(Extracted data entries)
━━━━━━━━━━━━━━━━

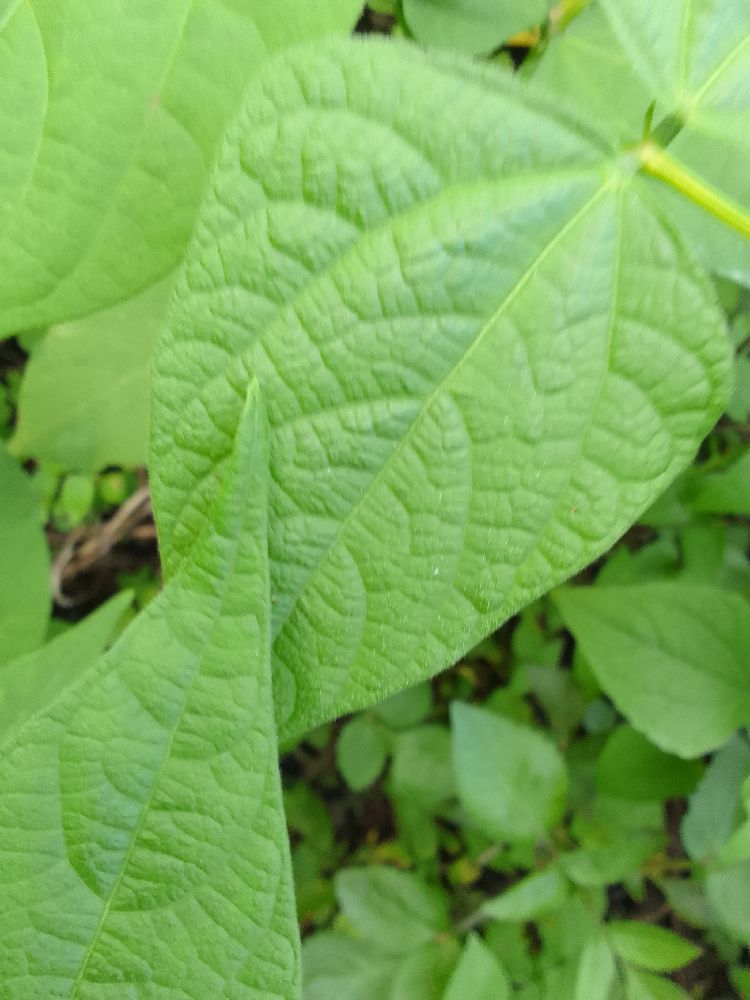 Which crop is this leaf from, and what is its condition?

common bean, healthy
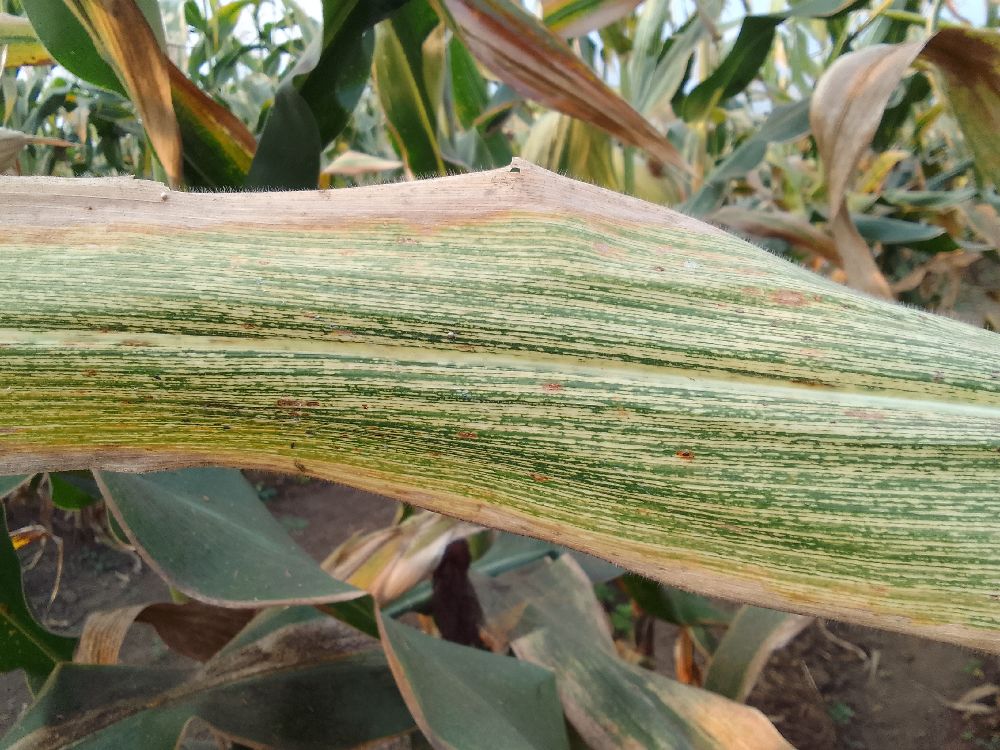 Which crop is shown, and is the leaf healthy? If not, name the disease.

maize, healthy
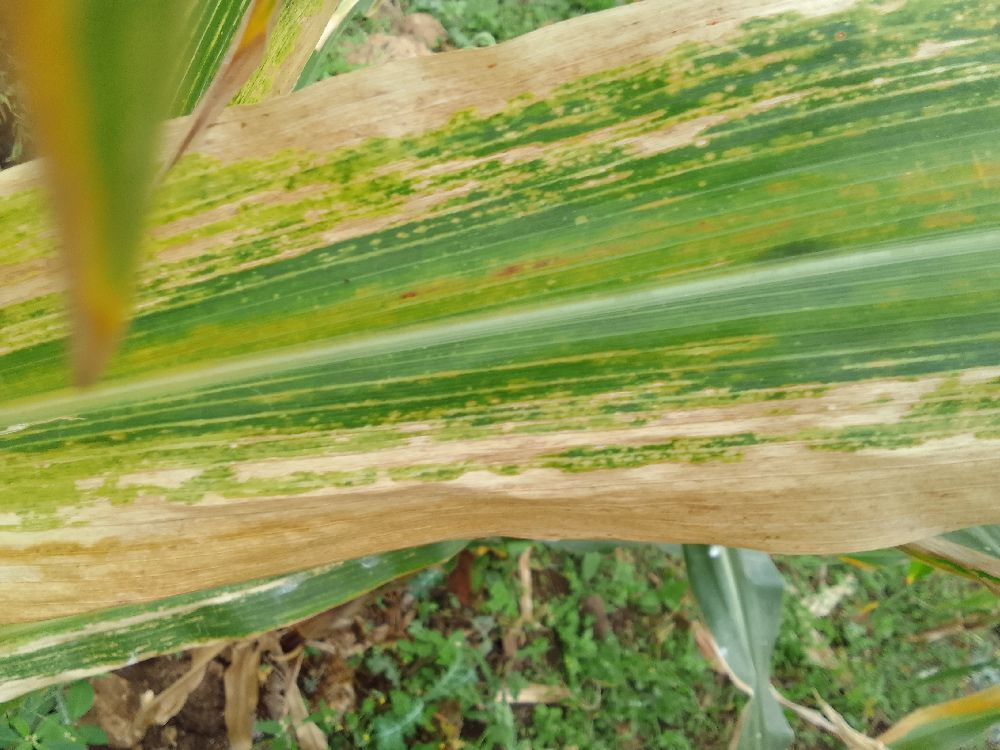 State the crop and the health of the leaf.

maize, maize lethal necrosis
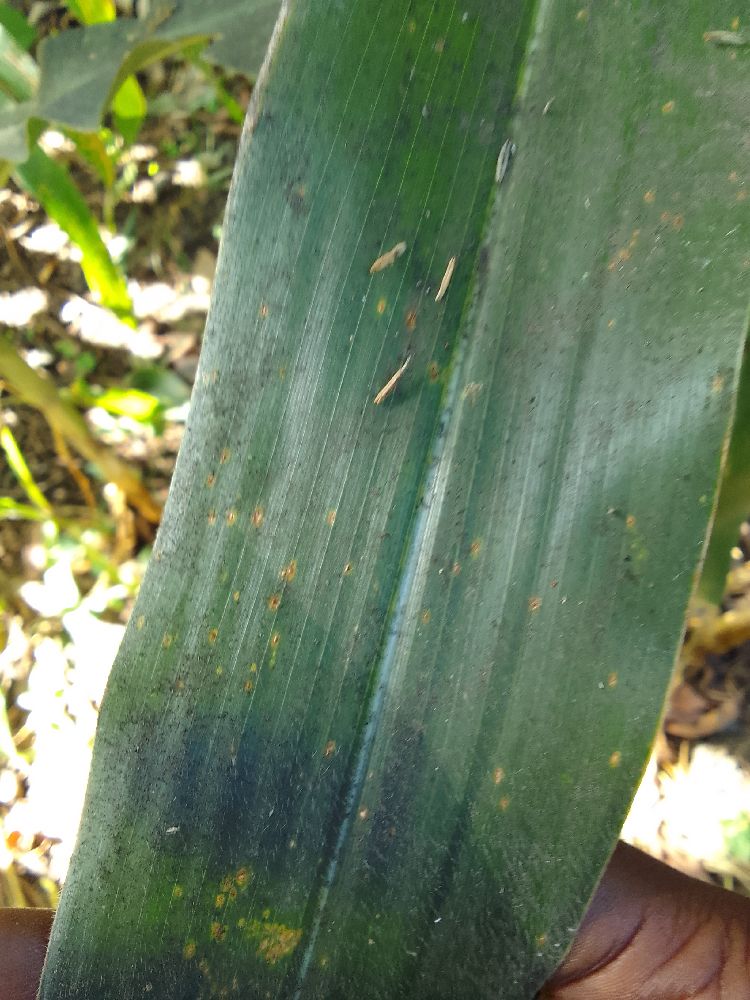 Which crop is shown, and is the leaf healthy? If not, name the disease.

maize, healthy
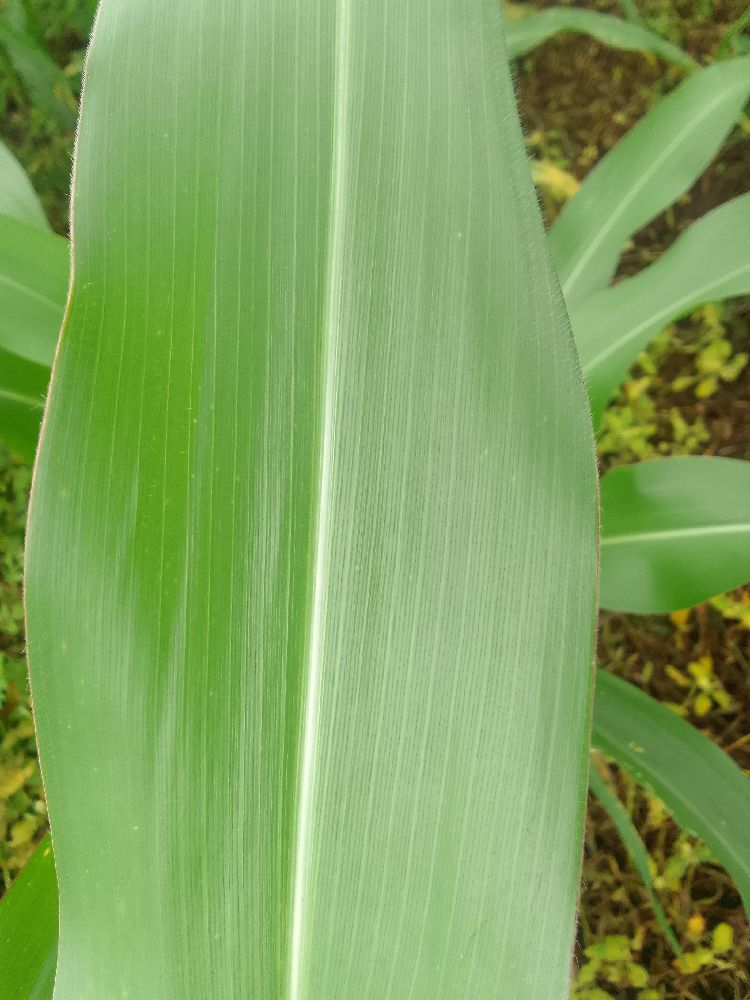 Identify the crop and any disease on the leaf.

━━━━━━━━━━━━━━━━

Assignment: Write out exactly the stretch of lines that begins with the line containing "State the crop and the health of the leaf." and ends with the last line of the records above, leaving out the pictures.

Expected answer:
 State the crop and the health of the leaf.

maize, maize lethal necrosis
 Which crop is shown, and is the leaf healthy? If not, name the disease.

maize, healthy
 Identify the crop and any disease on the leaf.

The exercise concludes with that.